An international team of scientists from the JU Małopolska Centre of Biotechnology and two other research centres made a breakthrough discovery that will allow for a more complete understanding of one of the key mechanisms in ribosome-mediated protein synthesis. Their findings were published in the July 2019 issue of Science Advances journal.
All living cells employ ribosomes and transfer RNA (tRNA) molecules to decode mRNA sequences and translate the codon-triplet-encoded information into correctly assembled and functional proteins. Furthermore, it is crucial for the cells to produce these proteins at the right speed to avoid protein misfolding and intracellular aggregates. The modifications of tRNAs with small chemical groups by specialized enzymes is one way to tune the production speed at the correct pace.

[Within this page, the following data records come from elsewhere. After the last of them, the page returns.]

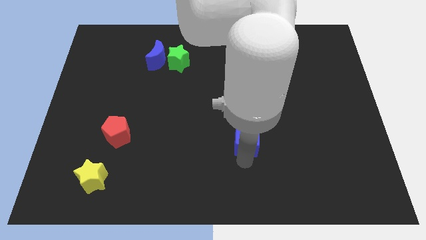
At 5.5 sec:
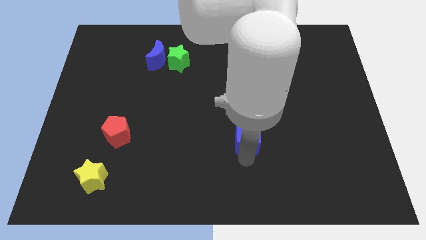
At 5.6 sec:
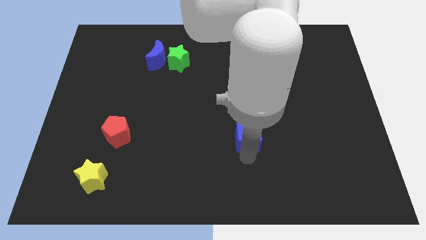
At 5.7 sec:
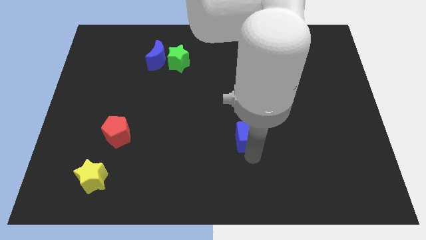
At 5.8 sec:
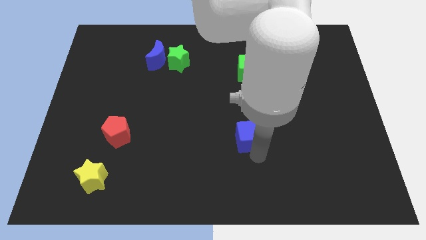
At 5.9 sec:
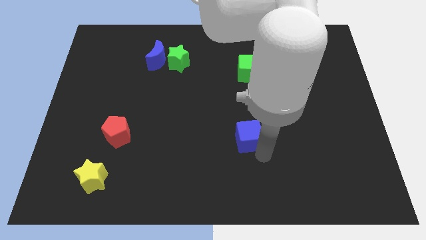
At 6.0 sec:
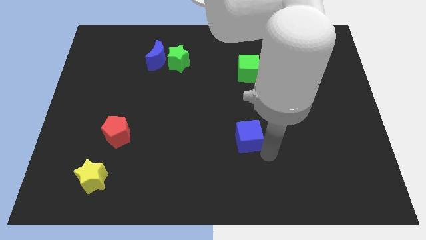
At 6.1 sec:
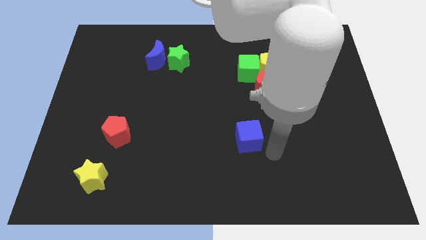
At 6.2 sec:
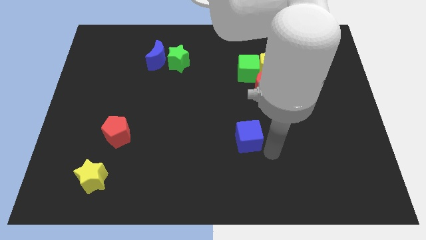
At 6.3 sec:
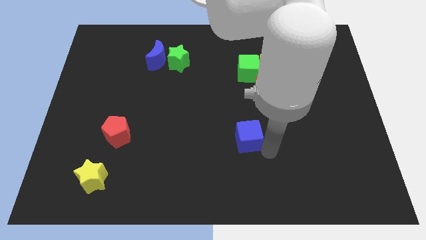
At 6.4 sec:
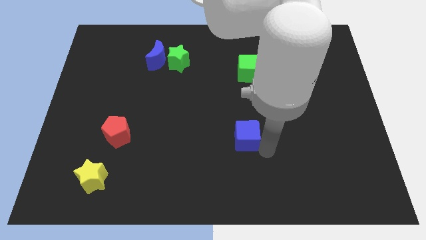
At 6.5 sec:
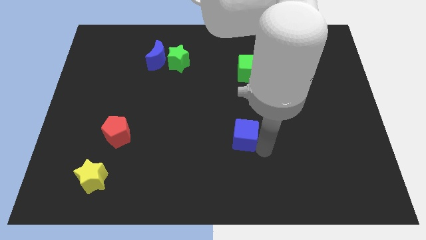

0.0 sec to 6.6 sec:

A team of scientists from the Małopolska Centre of Biotechnology of the Jagiellonian University, the Martin Luther University Halle-Wittenberg and the European Molecular Biology Laboratory managed to catch a crucial component of cellular modification machinery directly at work. To put it more precisely, they used cryo-electron microscopy (cryo-EM) to determine the structures of a large protein complex, called Elongator, in the presence and absence of its natural substrate tRNA. Their results were published in the July 2019 issue of Science Advances journal.
The results are extremely valuable for the whole research community interested in protein synthesis, as they allow for a more complete understanding of one of the key mechanisms in ribosome-mediated protein synthesis, where tRNA plays a central role as an adaptor molecule. The highly conserved Elongator complex is responsible for the introduction of specific and very complex chemical modification in the anticodon of the tRNA molecule. It was previously shown that the lack of this modification caused by the dysfunction of Elongator leads to abnormal ribosome dynamics, degenerated protein synthesis, protein misfolding and intracellular aggregates. ‘After 10 years of research on this large cellular machine, we finally start to have a clearer picture of the complicated interplay between the different Elongator subunits and the bound substrate tRNA, which permits the modification reaction’, explain Christoph W Müller and Jan Kosinski located at the EMBL Heidelberg and EMBL Hamburg, respectively. Strikingly, mutations in any of the six subunits of Elongator are associated with the onset of severe human diseases, including familial dysautonomia, obesity, bronchial asthma, intellectual disability, ventricular hypertrophy, Rolandic Epilepsy, and cancer. ‘Our structural work tells us how tRNA is specifically positioned in the active site of the complex, but also allows a structure-based design of specific drug molecules that might cure Elongator-related diseases in the future’, says Sebastian Glatt, Max Planck Research Group Leader at the MCB and last author of the study.
The researchers obtained high-resolution structures using the cryo-EM method, which was distinguished with the Nobel Prize for Chemistry in 2017 and will soon be also available in Poland. A state-of-the-art microscope with the latest direct electron detectors is already installed at the SOLARIS National Synchrotron Radiation Centre of the Jagiellonian University and is currently undergoing commissioning. Application details for time at the microscope are available on the Solaris website.
The research in Kraków was financed from an OPUS grant from the National Science Centre and the Homing and Team Tech Core Facility programmes of the Foundation for Polish Science (FNP) with the support of the Structural Biology Core Facility at MCB.